I.e.: every time a TLS session is established, a unique master key (derived
from the pre-master-key) has to be created and then used for encryption and
decryption operations. This is a legitimate use case in which key caching
does not make sense as each key is unique per session. These keys are of
P11Key type and have a corresponding native key object created. In the case
of NSS SunPKCS11 backend (PKCS11 software token), this native key object is
temporarily stored in the process native heap. The interface is simple: a
JNI call is done to create a native key object (C_CreateObject,
C_CopyObject, C_DeriveKey, C_GenerateKeys, etc., according to the PKCS11
interface) and an integer handler is kept in the Java side (P11Key). When
the P11Key object is destroyed, a finalizer code is executed to free the
native key object (through C_DestroyObject JNI call). The problem is that
finalizer code execution happens only if the JVM garbage-collector cleans
up the P11Key object. That may be delayed or not done at all, depending on
different GC algorithms, parameters and environment conditions. As a
result, the native heap may be exhausted with not freed native key objects,
and the JVM will then crash -this is particularly true for 32 bits VMs
where the virtual address space can be exhausted-.


SCOPE
........................................................

The fix is proposed for SunPKCS11 with NSS backend only. Other PKCS11
backends are not currently under scope. It's likely that hardware PKCS11
backends store native key objects in their own memory, preventing a native
heap exhaustion and a JVM crash. However, it might be possible to cause an
exhaustion on their own memory blocking key objects creation at some point.
In any case, this is speculative as no tests were done on our side with
real hardware.


SOLUTION
........................................................

Assuming that native keys are extractable, the idea is to hold native key
data in the Java heap while keys are not in use. When a P11Key is created,
every CK_ATTRIBUTE (PKCS11) value for the native key is queried, data
stored in an opaque Java byte[] (inside the P11Key object) and native key
destroyed. Every time the P11Key is about to be used, the native key is
created with the stored data. After usage, the native key is again
destroyed. Thus, it's not necessary to wait for a finalizer execution to
cleanup native resources: cleanup is done at deterministic and
previously-known points. This comes with a resposibility for key users
-which are all SunPKCS11 internal services like P11Signature, P11Cipher,
P11KeyGenerator, etc.-: create and destroy native keys through a reference
counting scheme exposed by P11Key class. There are two kind of usages:

 1) stateless: the native key is "atomically" created, used and destroyed.
I.e.: MAC calculation, getEncodedInternal operation (on P11Key objects),
signature operations, TLS key derivation, etc.
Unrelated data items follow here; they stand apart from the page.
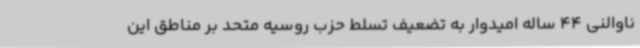
ناوالنی 44 ساله امیدوار به تضعیف تسلط حزب روسیه متحد بر مناطق این
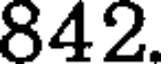
842.
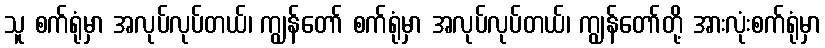
သူ စက်ရုံမှာ အလုပ်လုပ်တယ်၊ ကျွန်တော် စက်ရုံမှာ အလုပ်လုပ်တယ်၊ ကျွန်တော်တို့ အားလုံးစက်ရုံမှာ
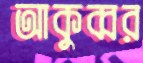
আকুব্বর
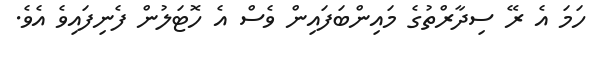
ހަމަ އެ ރޭ ސިދާރްތުގެ މައިންބަފައިން ވެސް އެ ހޮޓަލުން ފެނިފައިވެ އެވެ.
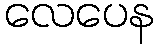
လေပေန
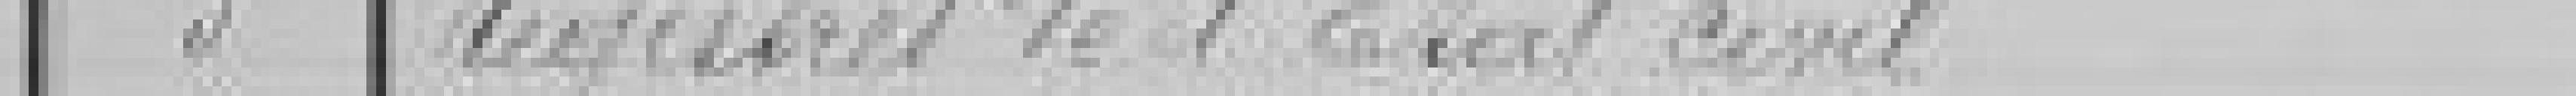
5 Registres de l'Etat civl
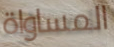
المساواة
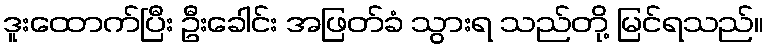
ဒူးထောက်ပြီး ဦးခေါင်း အဖြတ်ခံ သွားရ သည်တို့ မြင်ရသည်။
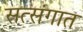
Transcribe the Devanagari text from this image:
सत्संगात
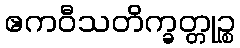
ဧကဝီသတိက္ခတ္တုဉ္စ
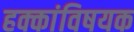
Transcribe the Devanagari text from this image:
हक्कांविषयक
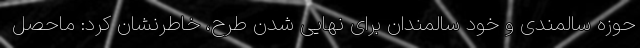
حوزه سالمندی و خود سالمندان برای نهایی شدن طرح، خاطرنشان کرد: ماحصل
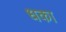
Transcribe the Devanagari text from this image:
धका
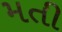
મતી
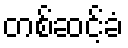
တစ်ဆင့်ခံ
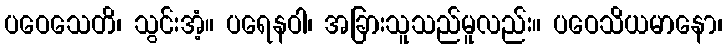
ပဝေသေတိ၊ သွင်းအံ့။ ပရေနဝါ၊ အခြားသူသည်မူလည်း။ ပဝေသိယမာနော၊
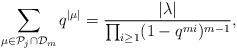
LaTeX: \begin{align*}\sum_{\mu\in \mathcal{P}_{j}\cap \mathcal{D}_m}q^{|\mu|}=\frac{|\lambda|}{\prod_{i\geq 1}(1-q^{mi})^{m-1}},\end{align*}
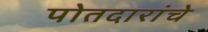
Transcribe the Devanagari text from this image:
पोतदारांचे
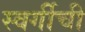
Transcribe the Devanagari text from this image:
स्वर्गीची
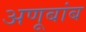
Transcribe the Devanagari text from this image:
अणूबांब
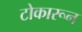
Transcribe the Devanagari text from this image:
टोकारून
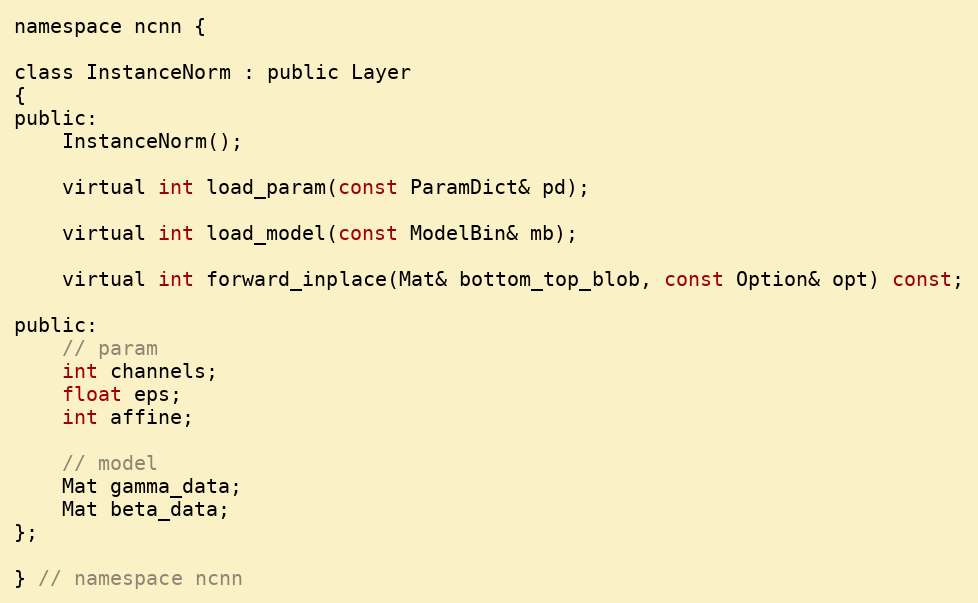
Language: C
namespace ncnn {

class InstanceNorm : public Layer
{
public:
    InstanceNorm();

    virtual int load_param(const ParamDict& pd);

    virtual int load_model(const ModelBin& mb);

    virtual int forward_inplace(Mat& bottom_top_blob, const Option& opt) const;

public:
    // param
    int channels;
    float eps;
    int affine;

    // model
    Mat gamma_data;
    Mat beta_data;
};

} // namespace ncnn
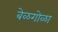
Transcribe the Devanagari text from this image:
बेळगोळा
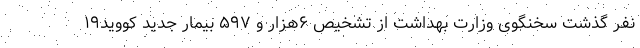
نفر گذشت سخنگوی وزارت بهداشت از تشخیص ۶هزار و ۵۹۷ بیمار جدید کووید۱۹
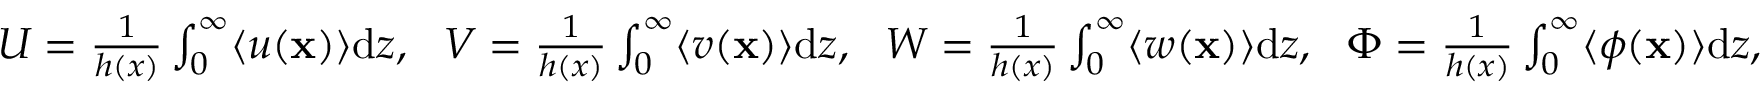
\begin{array} { r } { U = \frac { 1 } { h ( x ) } \int _ { 0 } ^ { \infty } \langle u ( \mathbf { x } ) \rangle \mathrm { d } z , \ \ V = \frac { 1 } { h ( x ) } \int _ { 0 } ^ { \infty } \langle v ( \mathbf { x } ) \rangle \mathrm { d } z , \ \ W = \frac { 1 } { h ( x ) } \int _ { 0 } ^ { \infty } \langle w ( \mathbf { x } ) \rangle \mathrm { d } z , \ \ \Phi = \frac { 1 } { h ( x ) } \int _ { 0 } ^ { \infty } \langle \phi ( \mathbf { x } ) \rangle \mathrm { d } z , \ \ } \end{array}
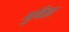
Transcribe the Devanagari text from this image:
मूविडा
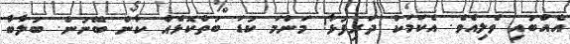
އެއްބައި ވެލިއެވެ. އެކަމަކު ދަރިފުޅާ! މަންމަ ކުޑަ ބަތްކޮޅެއް ކާން ބޭނުން. ބަލާބާ
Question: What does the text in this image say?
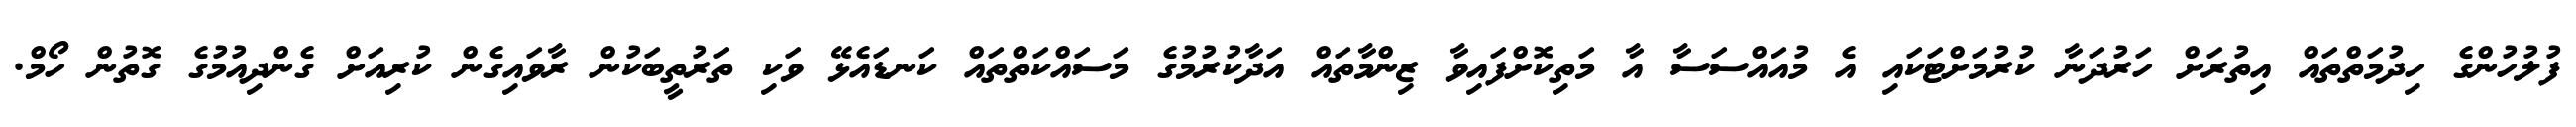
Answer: ފުލުހުންގެ ހިދުމަތްތައް އިތުރަށް ހަރުދަނާ ކުރުމަށްޓަކައި އެ މުއައްސަސާ އާ މަތިކޮށްފައިވާ ޒިންމާތައް އަދާކުރުމުގެ މަސައްކަތްތައް ކަނޑައެޅޭ ވަކި ތަރުތީބަކުން ރާވައިގެން ކުރިއަށް ގެންދިއުމުގެ ގޮތުން ހޯމް.
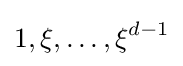
1,\xi ,\dots ,\xi ^{d-1}
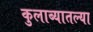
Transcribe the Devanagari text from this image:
कुलाब्यातल्या
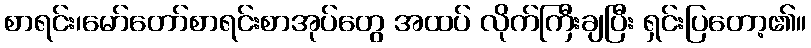
စာရင်း၊မော်တော်စာရင်းစာအုပ်တွေ အထပ် လိုက်ကြီးချပြီး ရှင်းပြတော့၏။
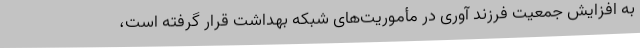
به افزایش جمعیت فرزند آوری در مأموریت‌های شبکه بهداشت قرار گرفته است،
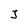
Character: j
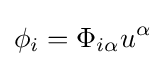
\phi _{i}=\Phi _{i\alpha }u^{\alpha }
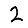
Digit: 2
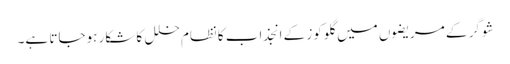
شوگر کے مریضوں میں گلوکوز کے انجذاب کانظام خلل کا شکار ہوجاتا ہے۔
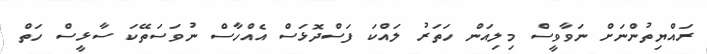
ރައްޔިތުންނަށް ނަވާވީސް މިލިއަން ހަތަރު ލައްކަ ފަސްދޮޅަސް އެއްހާސް ނުވަސަތޭކަ ސާޅީސް ހަތް

 2) statefull: the native key is created, one or multiple intermediate
actions are performed by the key user, a final action is performed and
finally the native key is destroyed. I.e.: cipher operations.

For keys that are extractable but sensitive (CKA_SENSITIVE attribute is
true), as the case when operating in FIPS mode, wrapping/unwrapping is used
as a workaround to extract session keys. Wrapper key is global and lives
forever.

There are no interface changes for SunPKCS11 external users.

If keys are not extractable or the feature cannot be enabled for any other
reason, the previous finalizer scheme is used as a fallback.


ADDITIONAL IMPLEMENTATION NOTES
........................................................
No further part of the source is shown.